---------- Dataset content

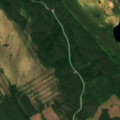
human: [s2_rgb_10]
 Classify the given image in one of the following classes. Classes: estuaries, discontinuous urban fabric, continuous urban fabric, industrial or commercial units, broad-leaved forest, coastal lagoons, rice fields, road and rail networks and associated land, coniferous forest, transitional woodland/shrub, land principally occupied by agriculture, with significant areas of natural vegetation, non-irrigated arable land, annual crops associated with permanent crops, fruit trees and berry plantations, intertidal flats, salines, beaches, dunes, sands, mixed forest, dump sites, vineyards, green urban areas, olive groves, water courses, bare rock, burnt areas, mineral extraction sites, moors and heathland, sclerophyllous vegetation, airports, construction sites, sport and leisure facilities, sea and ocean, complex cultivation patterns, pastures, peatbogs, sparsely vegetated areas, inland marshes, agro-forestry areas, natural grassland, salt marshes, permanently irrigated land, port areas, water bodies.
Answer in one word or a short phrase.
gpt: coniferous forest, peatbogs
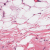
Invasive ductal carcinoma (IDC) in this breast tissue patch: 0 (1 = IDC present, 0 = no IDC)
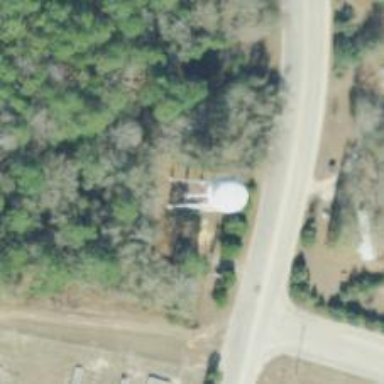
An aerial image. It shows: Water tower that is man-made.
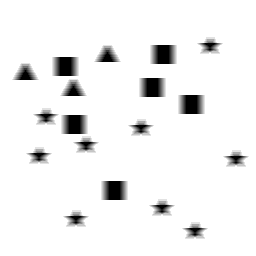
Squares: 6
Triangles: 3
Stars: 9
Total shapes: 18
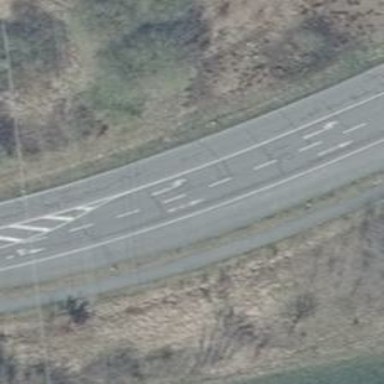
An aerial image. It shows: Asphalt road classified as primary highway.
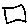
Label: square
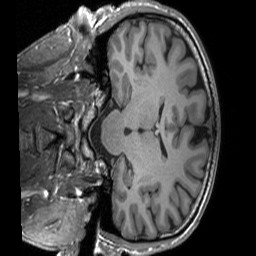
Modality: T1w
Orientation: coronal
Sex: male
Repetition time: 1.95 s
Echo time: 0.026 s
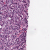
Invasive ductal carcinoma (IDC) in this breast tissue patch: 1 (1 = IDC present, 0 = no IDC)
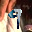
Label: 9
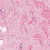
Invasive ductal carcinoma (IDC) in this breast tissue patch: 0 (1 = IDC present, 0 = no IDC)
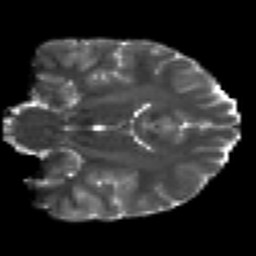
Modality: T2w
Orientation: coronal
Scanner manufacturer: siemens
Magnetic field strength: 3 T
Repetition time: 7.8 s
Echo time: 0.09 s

--------------------

§ **What is required**
Give an exact reproduction of the lines from the one with "Magnetic field strength: 3 T" to the final line of the entries, including both.

§ **Written response**
Magnetic field strength: 3 T
Repetition time: 7.8 s
Echo time: 0.09 s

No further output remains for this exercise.